O homônimo baiano do estaleiro, que pertence ao mesmo consórcio, tinha pouco mais de 5 mil funcionários até o fim do ano passado cerca de 3,3 mil trabalhavam na construção da infraestrutura, com entrega prevista para dezembro de 2015, e o restante montava dois dos seis navios sonda encomendados pela Sete Brasil.

Segundo Bebeto Galvão, deputado federal pelo PSB e presidente do Sindicato dos Trabalhadores da Construção Pesada do Estado da Bahia (Sintepav), a Sete Brasil tem atrasado pagamentos desde outubro, um total de US$ 210 milhões.

O consórcio Enseada confirma 3,5 mil cortes entre novembro e janeiro, sendo 1.081 no Enseada e 2.428 no Consórcio Construtor Bahia (CEP), responsável pela estrutura, que já estaria 80% concluída. Segundo o diretor de pessoas e organização, Ricardo Lyra, parte das demissões foi "preventiva" uma maneira de readequar o planejamento da obra ao "atual cenário do país, com impacto direto na indústria naval brasileira".

Para destravar os investimentos no setor, Galvão, do SintepavBA, defende a liberação para a Sete Brasil dos recursos do BNDES e de empréstimos-ponte negociados com a Caixa e com o Banco do Brasil.
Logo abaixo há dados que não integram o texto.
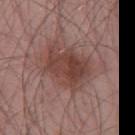biopsy status: imaged on a skin check; not biopsied | location: the left thigh | tile lighting: white-light | size: ~6 mm (longest diameter) | imaging modality: ~15 mm crop, total-body skin-cancer survey | patient: male, aged 53–57 | automated metrics: a footprint of about 21 mm²; a lesion–skin lightness drop of about 9 and a normalized lesion–skin contrast near 8; a border-irregularity index near 3.5/10, internal color variation of about 5 on a 0–10 scale, and peripheral color asymmetry of about 1.5.
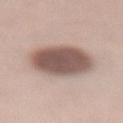Clinical impression: No biopsy was performed on this lesion — it was imaged during a full skin examination and was not determined to be concerning. Acquisition and patient details: The lesion-visualizer software estimated a lesion area of about 24 mm², a shape eccentricity near 0.55, and a symmetry-axis asymmetry near 0.05. It also reported a mean CIELAB color near L≈54 a*≈16 b*≈22, about 17 CIELAB-L* units darker than the surrounding skin, and a lesion-to-skin contrast of about 11 (normalized; higher = more distinct). The analysis additionally found peripheral color asymmetry of about 1. The analysis additionally found an automated nevus-likeness rating near 25 out of 100 and a detector confidence of about 100 out of 100 that the crop contains a lesion. Imaged with white-light lighting. Longest diameter approximately 6 mm. A 15 mm close-up extracted from a 3D total-body photography capture. On the back. A female patient, in their 40s.
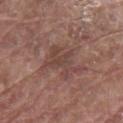{
  "biopsy_status": "not biopsied; imaged during a skin examination",
  "lesion_size": {
    "long_diameter_mm_approx": 4.5
  },
  "patient": {
    "sex": "male",
    "age_approx": 80
  },
  "lighting": "white-light",
  "site": "chest",
  "image": {
    "source": "total-body photography crop",
    "field_of_view_mm": 15
  }
}
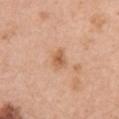The lesion was photographed on a routine skin check and not biopsied; there is no pathology result.
Captured under white-light illumination.
A lesion tile, about 15 mm wide, cut from a 3D total-body photograph.
On the right upper arm.
The lesion's longest dimension is about 2.5 mm.
A female patient approximately 60 years of age.
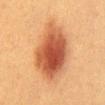<case>
  <biopsy_status>not biopsied; imaged during a skin examination</biopsy_status>
  <image>
    <source>total-body photography crop</source>
    <field_of_view_mm>15</field_of_view_mm>
  </image>
  <site>chest</site>
  <lesion_size>
    <long_diameter_mm_approx>9.5</long_diameter_mm_approx>
  </lesion_size>
  <patient>
    <sex>female</sex>
    <age_approx>40</age_approx>
  </patient>
</case>
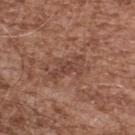<case>
<biopsy_status>not biopsied; imaged during a skin examination</biopsy_status>
<site>upper back</site>
<lighting>white-light</lighting>
<image>
  <source>total-body photography crop</source>
  <field_of_view_mm>15</field_of_view_mm>
</image>
<patient>
  <sex>male</sex>
  <age_approx>55</age_approx>
</patient>
</case>
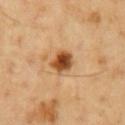Background:
Located on the chest. A close-up tile cropped from a whole-body skin photograph, about 15 mm across. Measured at roughly 3 mm in maximum diameter. The subject is a male aged 48 to 52.
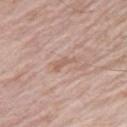biopsy status: no biopsy performed (imaged during a skin exam); site: the right thigh; patient: male, aged around 75; image: 15 mm crop, total-body photography.
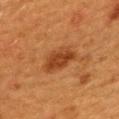| key | value |
|---|---|
| diameter | ~4.5 mm (longest diameter) |
| lighting | cross-polarized illumination |
| subject | female, aged around 40 |
| body site | the mid back |
| image source | ~15 mm tile from a whole-body skin photo |
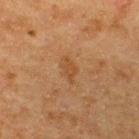The total-body-photography lesion software estimated an area of roughly 4.5 mm², an outline eccentricity of about 0.8 (0 = round, 1 = elongated), and two-axis asymmetry of about 0.25. It also reported border irregularity of about 2.5 on a 0–10 scale, internal color variation of about 1 on a 0–10 scale, and peripheral color asymmetry of about 0.5.
The lesion is located on the upper back.
Cropped from a total-body skin-imaging series; the visible field is about 15 mm.
Captured under cross-polarized illumination.
A male patient, aged around 50.
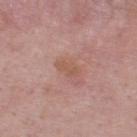Q: Was a biopsy performed?
A: total-body-photography surveillance lesion; no biopsy
Q: Where on the body is the lesion?
A: the upper back
Q: How large is the lesion?
A: ≈3 mm
Q: Illumination type?
A: white-light
Q: What kind of image is this?
A: 15 mm crop, total-body photography
Q: Patient demographics?
A: male, aged around 50
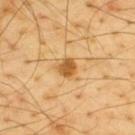No biopsy was performed on this lesion — it was imaged during a full skin examination and was not determined to be concerning. On the upper back. A lesion tile, about 15 mm wide, cut from a 3D total-body photograph. A male subject aged around 65. About 2.5 mm across.
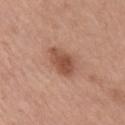Impression:
The lesion was photographed on a routine skin check and not biopsied; there is no pathology result.
Image and clinical context:
A lesion tile, about 15 mm wide, cut from a 3D total-body photograph. Located on the right upper arm. A male patient, about 55 years old. Automated image analysis of the tile measured a lesion area of about 7.5 mm². It also reported a mean CIELAB color near L≈51 a*≈23 b*≈30, roughly 11 lightness units darker than nearby skin, and a normalized lesion–skin contrast near 8. And it measured a detector confidence of about 100 out of 100 that the crop contains a lesion. About 4 mm across. This is a white-light tile.
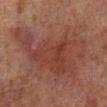Captured during whole-body skin photography for melanoma surveillance; the lesion was not biopsied. A lesion tile, about 15 mm wide, cut from a 3D total-body photograph. The tile uses cross-polarized illumination. The patient is a male aged 68–72. Measured at roughly 11.5 mm in maximum diameter. The lesion is located on the left lower leg.
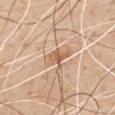Captured during whole-body skin photography for melanoma surveillance; the lesion was not biopsied. The subject is a male in their 50s. A lesion tile, about 15 mm wide, cut from a 3D total-body photograph. Automated image analysis of the tile measured a mean CIELAB color near L≈63 a*≈19 b*≈34, a lesion–skin lightness drop of about 9, and a normalized border contrast of about 6.5. The lesion is on the front of the torso.
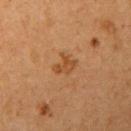notes: no biopsy performed (imaged during a skin exam) | image source: total-body-photography crop, ~15 mm field of view | location: the right upper arm | subject: female, approximately 40 years of age.
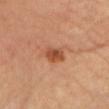Findings:
– biopsy status · imaged on a skin check; not biopsied
– image · total-body-photography crop, ~15 mm field of view
– subject · female, roughly 60 years of age
– location · the chest
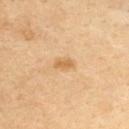Notes:
• notes · imaged on a skin check; not biopsied
• subject · female, aged 48–52
• image-analysis metrics · a lesion area of about 2.5 mm², an outline eccentricity of about 0.85 (0 = round, 1 = elongated), and two-axis asymmetry of about 0.2; a mean CIELAB color near L≈62 a*≈19 b*≈42, a lesion–skin lightness drop of about 9, and a lesion-to-skin contrast of about 7 (normalized; higher = more distinct); a border-irregularity index near 2/10; a classifier nevus-likeness of about 15/100 and a detector confidence of about 100 out of 100 that the crop contains a lesion
• acquisition · total-body-photography crop, ~15 mm field of view
• body site · the chest
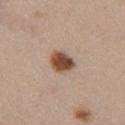biopsy status: catalogued during a skin exam; not biopsied
imaging modality: total-body-photography crop, ~15 mm field of view
body site: the left upper arm
size: about 3 mm
subject: female, aged approximately 30
illumination: white-light illumination
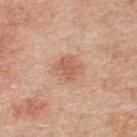| key | value |
|---|---|
| workup | total-body-photography surveillance lesion; no biopsy |
| automated lesion analysis | an outline eccentricity of about 0.5 (0 = round, 1 = elongated) and two-axis asymmetry of about 0.25; a lesion color around L≈59 a*≈23 b*≈32 in CIELAB, roughly 9 lightness units darker than nearby skin, and a normalized border contrast of about 6; a border-irregularity index near 3/10, internal color variation of about 2 on a 0–10 scale, and a peripheral color-asymmetry measure near 0.5; a nevus-likeness score of about 45/100 and a detector confidence of about 100 out of 100 that the crop contains a lesion |
| size | ~2.5 mm (longest diameter) |
| lighting | white-light illumination |
| subject | male, aged around 70 |
| body site | the upper back |
| imaging modality | total-body-photography crop, ~15 mm field of view |
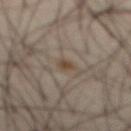  biopsy_status: not biopsied; imaged during a skin examination
  lesion_size:
    long_diameter_mm_approx: 1.5
  site: abdomen
  lighting: cross-polarized
  image:
    source: total-body photography crop
    field_of_view_mm: 15
  patient:
    sex: male
    age_approx: 45
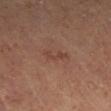Impression: The lesion was photographed on a routine skin check and not biopsied; there is no pathology result. Acquisition and patient details: The lesion is located on the right lower leg. A close-up tile cropped from a whole-body skin photograph, about 15 mm across. About 3 mm across. Imaged with cross-polarized lighting. A female subject, approximately 40 years of age. An algorithmic analysis of the crop reported a mean CIELAB color near L≈41 a*≈21 b*≈26 and a normalized border contrast of about 5. The analysis additionally found a nevus-likeness score of about 0/100 and lesion-presence confidence of about 100/100.
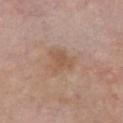No biopsy was performed on this lesion — it was imaged during a full skin examination and was not determined to be concerning.
A 15 mm close-up tile from a total-body photography series done for melanoma screening.
Imaged with white-light lighting.
A male patient aged 63–67.
The recorded lesion diameter is about 3 mm.
The total-body-photography lesion software estimated an area of roughly 6 mm² and an eccentricity of roughly 0.6.
Located on the chest.
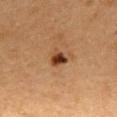No biopsy was performed on this lesion — it was imaged during a full skin examination and was not determined to be concerning. Cropped from a whole-body photographic skin survey; the tile spans about 15 mm. On the mid back. A female subject, aged 38 to 42. Automated tile analysis of the lesion measured an area of roughly 4 mm², a shape eccentricity near 0.6, and a symmetry-axis asymmetry near 0.3. The software also gave a lesion color around L≈34 a*≈21 b*≈30 in CIELAB, roughly 14 lightness units darker than nearby skin, and a normalized lesion–skin contrast near 11.5. The software also gave a nevus-likeness score of about 100/100.
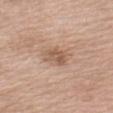This lesion was catalogued during total-body skin photography and was not selected for biopsy.
Located on the left upper arm.
A 15 mm crop from a total-body photograph taken for skin-cancer surveillance.
This is a white-light tile.
A female patient, aged 53–57.
About 3 mm across.
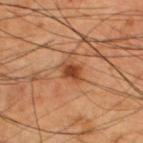The lesion was photographed on a routine skin check and not biopsied; there is no pathology result. The patient is a male approximately 60 years of age. A 15 mm close-up tile from a total-body photography series done for melanoma screening. The lesion is located on the upper back.
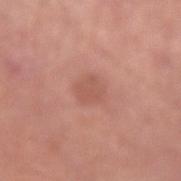Imaged during a routine full-body skin examination; the lesion was not biopsied and no histopathology is available.
The lesion is on the arm.
The tile uses white-light illumination.
The recorded lesion diameter is about 3 mm.
A male patient, aged 78–82.
Cropped from a whole-body photographic skin survey; the tile spans about 15 mm.
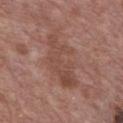biopsy_status: not biopsied; imaged during a skin examination
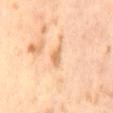{"biopsy_status": "not biopsied; imaged during a skin examination", "image": {"source": "total-body photography crop", "field_of_view_mm": 15}, "patient": {"sex": "male", "age_approx": 65}, "lighting": "cross-polarized", "automated_metrics": {"area_mm2_approx": 3.0, "eccentricity": 0.85, "shape_asymmetry": 0.35, "vs_skin_contrast_norm": 7.0, "nevus_likeness_0_100": 0, "lesion_detection_confidence_0_100": 100}, "lesion_size": {"long_diameter_mm_approx": 2.5}}
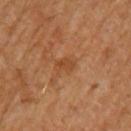Clinical impression:
The lesion was tiled from a total-body skin photograph and was not biopsied.
Image and clinical context:
Captured under cross-polarized illumination. The lesion's longest dimension is about 2.5 mm. A male patient roughly 65 years of age. On the left upper arm. The total-body-photography lesion software estimated roughly 7 lightness units darker than nearby skin and a normalized lesion–skin contrast near 6. It also reported border irregularity of about 3.5 on a 0–10 scale, a within-lesion color-variation index near 0.5/10, and peripheral color asymmetry of about 0. The software also gave a lesion-detection confidence of about 100/100. This image is a 15 mm lesion crop taken from a total-body photograph.
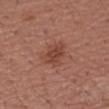Assessment: The lesion was photographed on a routine skin check and not biopsied; there is no pathology result. Image and clinical context: Longest diameter approximately 3.5 mm. A lesion tile, about 15 mm wide, cut from a 3D total-body photograph. A female subject, aged 53–57. This is a white-light tile. The lesion-visualizer software estimated a lesion color around L≈44 a*≈24 b*≈29 in CIELAB and roughly 8 lightness units darker than nearby skin. The software also gave a within-lesion color-variation index near 2/10 and peripheral color asymmetry of about 1. On the right upper arm.
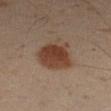Assessment: The lesion was tiled from a total-body skin photograph and was not biopsied. Context: Imaged with cross-polarized lighting. Located on the left forearm. The lesion's longest dimension is about 5.5 mm. A 15 mm crop from a total-body photograph taken for skin-cancer surveillance. A male subject, roughly 50 years of age.
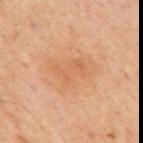biopsy status=no biopsy performed (imaged during a skin exam); body site=the chest; patient=male, about 70 years old; lesion diameter=~5.5 mm (longest diameter); tile lighting=cross-polarized; imaging modality=~15 mm tile from a whole-body skin photo.
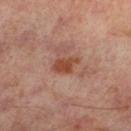biopsy_status: not biopsied; imaged during a skin examination
patient:
  sex: male
  age_approx: 65
lesion_size:
  long_diameter_mm_approx: 3.0
site: left lower leg
automated_metrics:
  cielab_L: 44
  cielab_a: 24
  cielab_b: 30
  vs_skin_darker_L: 10.0
  vs_skin_contrast_norm: 9.0
  nevus_likeness_0_100: 75
image:
  source: total-body photography crop
  field_of_view_mm: 15
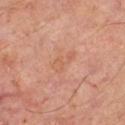{"biopsy_status": "not biopsied; imaged during a skin examination", "automated_metrics": {"area_mm2_approx": 3.5, "eccentricity": 0.9, "shape_asymmetry": 0.5, "cielab_L": 57, "cielab_a": 23, "cielab_b": 33, "vs_skin_contrast_norm": 4.5}, "lighting": "cross-polarized", "patient": {"sex": "male", "age_approx": 70}, "site": "left thigh", "image": {"source": "total-body photography crop", "field_of_view_mm": 15}}
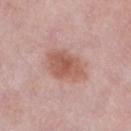Clinical impression:
Captured during whole-body skin photography for melanoma surveillance; the lesion was not biopsied.
Background:
The patient is a female aged 38 to 42. The lesion's longest dimension is about 5 mm. Located on the left lower leg. Captured under white-light illumination. A close-up tile cropped from a whole-body skin photograph, about 15 mm across.
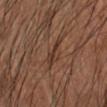biopsy status = total-body-photography surveillance lesion; no biopsy | diameter = ≈3 mm | image = total-body-photography crop, ~15 mm field of view | site = the left forearm | subject = male, in their mid- to late 50s | lighting = cross-polarized.
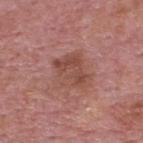Q: Is there a histopathology result?
A: no biopsy performed (imaged during a skin exam)
Q: How was this image acquired?
A: 15 mm crop, total-body photography
Q: Where on the body is the lesion?
A: the upper back
Q: What lighting was used for the tile?
A: white-light
Q: What are the patient's age and sex?
A: male, in their mid- to late 70s
Q: How large is the lesion?
A: ≈4 mm
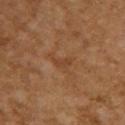The lesion was tiled from a total-body skin photograph and was not biopsied. Captured under cross-polarized illumination. Automated tile analysis of the lesion measured a footprint of about 4 mm², a shape eccentricity near 0.8, and a shape-asymmetry score of about 0.55 (0 = symmetric). The software also gave a classifier nevus-likeness of about 0/100 and a lesion-detection confidence of about 100/100. A female patient, aged 58–62. Cropped from a whole-body photographic skin survey; the tile spans about 15 mm. The lesion is on the upper back.
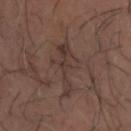Assessment:
Recorded during total-body skin imaging; not selected for excision or biopsy.
Background:
The recorded lesion diameter is about 5.5 mm. The lesion-visualizer software estimated a lesion area of about 9.5 mm² and two-axis asymmetry of about 0.6. The software also gave about 6 CIELAB-L* units darker than the surrounding skin. A male patient roughly 65 years of age. A roughly 15 mm field-of-view crop from a total-body skin photograph. On the head or neck.
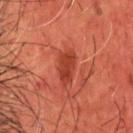No biopsy was performed on this lesion — it was imaged during a full skin examination and was not determined to be concerning.
An algorithmic analysis of the crop reported a lesion area of about 6 mm², an outline eccentricity of about 0.75 (0 = round, 1 = elongated), and two-axis asymmetry of about 0.2. The analysis additionally found roughly 8 lightness units darker than nearby skin and a lesion-to-skin contrast of about 7.5 (normalized; higher = more distinct). The analysis additionally found border irregularity of about 2 on a 0–10 scale, internal color variation of about 2 on a 0–10 scale, and radial color variation of about 0.5.
Imaged with cross-polarized lighting.
A lesion tile, about 15 mm wide, cut from a 3D total-body photograph.
The lesion's longest dimension is about 3.5 mm.
The subject is a male roughly 60 years of age.
On the head or neck.
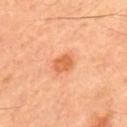Imaged during a routine full-body skin examination; the lesion was not biopsied and no histopathology is available. Automated tile analysis of the lesion measured a border-irregularity rating of about 1.5/10, internal color variation of about 2.5 on a 0–10 scale, and radial color variation of about 1. The analysis additionally found a nevus-likeness score of about 95/100 and lesion-presence confidence of about 100/100. A male patient aged 48–52. The lesion is located on the back. Longest diameter approximately 2.5 mm. This is a cross-polarized tile. A region of skin cropped from a whole-body photographic capture, roughly 15 mm wide.
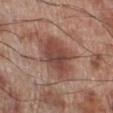patient: male, roughly 70 years of age
image-analysis metrics: a footprint of about 18 mm², a shape eccentricity near 0.7, and a shape-asymmetry score of about 0.25 (0 = symmetric); an automated nevus-likeness rating near 40 out of 100 and a lesion-detection confidence of about 100/100
body site: the right lower leg
size: about 6 mm
image: ~15 mm crop, total-body skin-cancer survey
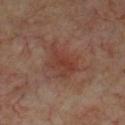<lesion>
  <patient>
    <sex>male</sex>
    <age_approx>70</age_approx>
  </patient>
  <lesion_size>
    <long_diameter_mm_approx>4.5</long_diameter_mm_approx>
  </lesion_size>
  <site>chest</site>
  <automated_metrics>
    <area_mm2_approx>10.0</area_mm2_approx>
    <shape_asymmetry>0.3</shape_asymmetry>
  </automated_metrics>
  <lighting>cross-polarized</lighting>
  <image>
    <source>total-body photography crop</source>
    <field_of_view_mm>15</field_of_view_mm>
  </image>
</lesion>
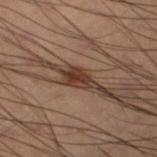Q: Illumination type?
A: cross-polarized
Q: How large is the lesion?
A: ≈3 mm
Q: Where on the body is the lesion?
A: the left thigh
Q: How was this image acquired?
A: 15 mm crop, total-body photography
Q: Who is the patient?
A: male, in their mid-50s
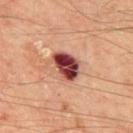Imaged during a routine full-body skin examination; the lesion was not biopsied and no histopathology is available. A male patient aged 63 to 67. This image is a 15 mm lesion crop taken from a total-body photograph. From the upper back.
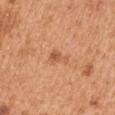<lesion>
  <biopsy_status>not biopsied; imaged during a skin examination</biopsy_status>
  <lesion_size>
    <long_diameter_mm_approx>2.5</long_diameter_mm_approx>
  </lesion_size>
  <image>
    <source>total-body photography crop</source>
    <field_of_view_mm>15</field_of_view_mm>
  </image>
  <site>right upper arm</site>
  <patient>
    <sex>male</sex>
    <age_approx>55</age_approx>
  </patient>
  <automated_metrics>
    <eccentricity>0.8</eccentricity>
    <shape_asymmetry>0.5</shape_asymmetry>
    <border_irregularity_0_10>4.5</border_irregularity_0_10>
    <color_variation_0_10>1.0</color_variation_0_10>
    <peripheral_color_asymmetry>0.5</peripheral_color_asymmetry>
    <nevus_likeness_0_100>10</nevus_likeness_0_100>
    <lesion_detection_confidence_0_100>100</lesion_detection_confidence_0_100>
  </automated_metrics>
</lesion>
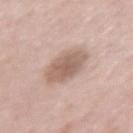Q: Is there a histopathology result?
A: imaged on a skin check; not biopsied
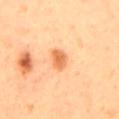{"biopsy_status": "not biopsied; imaged during a skin examination"}
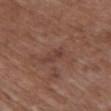The lesion was tiled from a total-body skin photograph and was not biopsied.
A region of skin cropped from a whole-body photographic capture, roughly 15 mm wide.
A female patient aged 78 to 82.
Imaged with white-light lighting.
The lesion is on the chest.
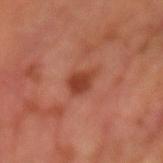Q: Was this lesion biopsied?
A: catalogued during a skin exam; not biopsied
Q: What kind of image is this?
A: 15 mm crop, total-body photography
Q: How was the tile lit?
A: cross-polarized
Q: Patient demographics?
A: male, roughly 65 years of age
Q: What is the lesion's diameter?
A: about 3 mm
Q: Automated lesion metrics?
A: an area of roughly 5 mm², an outline eccentricity of about 0.7 (0 = round, 1 = elongated), and two-axis asymmetry of about 0.25; lesion-presence confidence of about 100/100
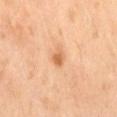Imaged during a routine full-body skin examination; the lesion was not biopsied and no histopathology is available.
A lesion tile, about 15 mm wide, cut from a 3D total-body photograph.
This is a cross-polarized tile.
A male subject aged approximately 70.
Located on the leg.
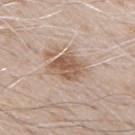Q: Was this lesion biopsied?
A: catalogued during a skin exam; not biopsied
Q: What are the patient's age and sex?
A: male, about 70 years old
Q: Lesion location?
A: the chest
Q: What is the imaging modality?
A: ~15 mm crop, total-body skin-cancer survey
Q: What lighting was used for the tile?
A: white-light
Q: What is the lesion's diameter?
A: about 4 mm
Q: Automated lesion metrics?
A: a lesion color around L≈57 a*≈16 b*≈29 in CIELAB, about 12 CIELAB-L* units darker than the surrounding skin, and a normalized border contrast of about 8
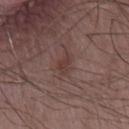Impression: The lesion was photographed on a routine skin check and not biopsied; there is no pathology result. Context: A male patient aged approximately 60. Automated tile analysis of the lesion measured a footprint of about 3 mm² and a shape-asymmetry score of about 0.35 (0 = symmetric). And it measured an automated nevus-likeness rating near 0 out of 100 and lesion-presence confidence of about 100/100. A roughly 15 mm field-of-view crop from a total-body skin photograph. Measured at roughly 3 mm in maximum diameter. On the chest.
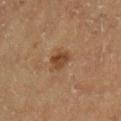notes: catalogued during a skin exam; not biopsied
tile lighting: cross-polarized
location: the left upper arm
patient: male, aged 58–62
TBP lesion metrics: border irregularity of about 2.5 on a 0–10 scale, internal color variation of about 3.5 on a 0–10 scale, and a peripheral color-asymmetry measure near 1
imaging modality: ~15 mm crop, total-body skin-cancer survey
size: about 2.5 mm

Em Niterói (RJ), o estaleiro UTC demitiu até o começo de fevereiro 650 dos 800 funcionários. Os cortes teriam sido reflexo, segundo o sindicato de metalúrgicos local, da conclusão de dois módulos da plataforma P56, entregues no começo do mês. Os 150 empregos remanescentes, segundo Edson Rocha, dirigente da entidade, estariam em risco caso a empresa, que também figura na lista de grupos bloqueados de novas licitações da Petrobras, não consiga fechar novos contratos até março.

A UTC declarou apenas que "à medida que os trabalhos referentes à encomenda de quatro cascos são entregues e os contratos são encerrados, também o contrato de mão de obra chega ao fim".

O grupo Keppel Singmarine Brasil, dona do estaleiro Brasfels, em Angra dos Reis (RJ), colocou todos os 700 funcionários de seu estaleiro em Itajaí (SC) que não presta serviços diretamente para a Petrobras em férias coletivas até o fim do mês. Procurada, a empresa disse que não se manifestaria sobre o assunto. Para Oscar João da Cunha, presidente do sindicato de metalúrgicos local, a empresa de Cingapura estaria esperando os desdobramentos do escândalo na estatal para decidir o que vai fazer com os investimentos no Brasil.

Em Pernambuco, o estaleiro Atlântico Sul registra cerca de 300 demissões desde o início do ano e conta com pouco mais de 4 mil funcionários. A situação é pior na cadeia de fornecedores do setor metalúrgico. Em 2014, as indústrias de equipamentos ligadas ao setor naval fecharam 1.995 vagas, 36% do total de funcionários.

No Estado, a situação mais difícil, segundo Alexandre Valença, do Sindicato das Indústrias Metalúrgicas, Mecânicas e de Material Elétrico, é a das pequenas e médias empresas que forneciam para as chamadas "epcistas" companhias que prestam serviços de engenharia, suprimentos e construção para o consórcio do estaleiro.

Procurada, a Petrobras não respondeu às questões enviadas pela reportagem sobre o prazo de vigência da lista de empresas bloqueadas, sobre a possibilidade de flexibilização da política de conteúdo nacional e sobre os riscos de perda de empregos e investimentos no setor naval.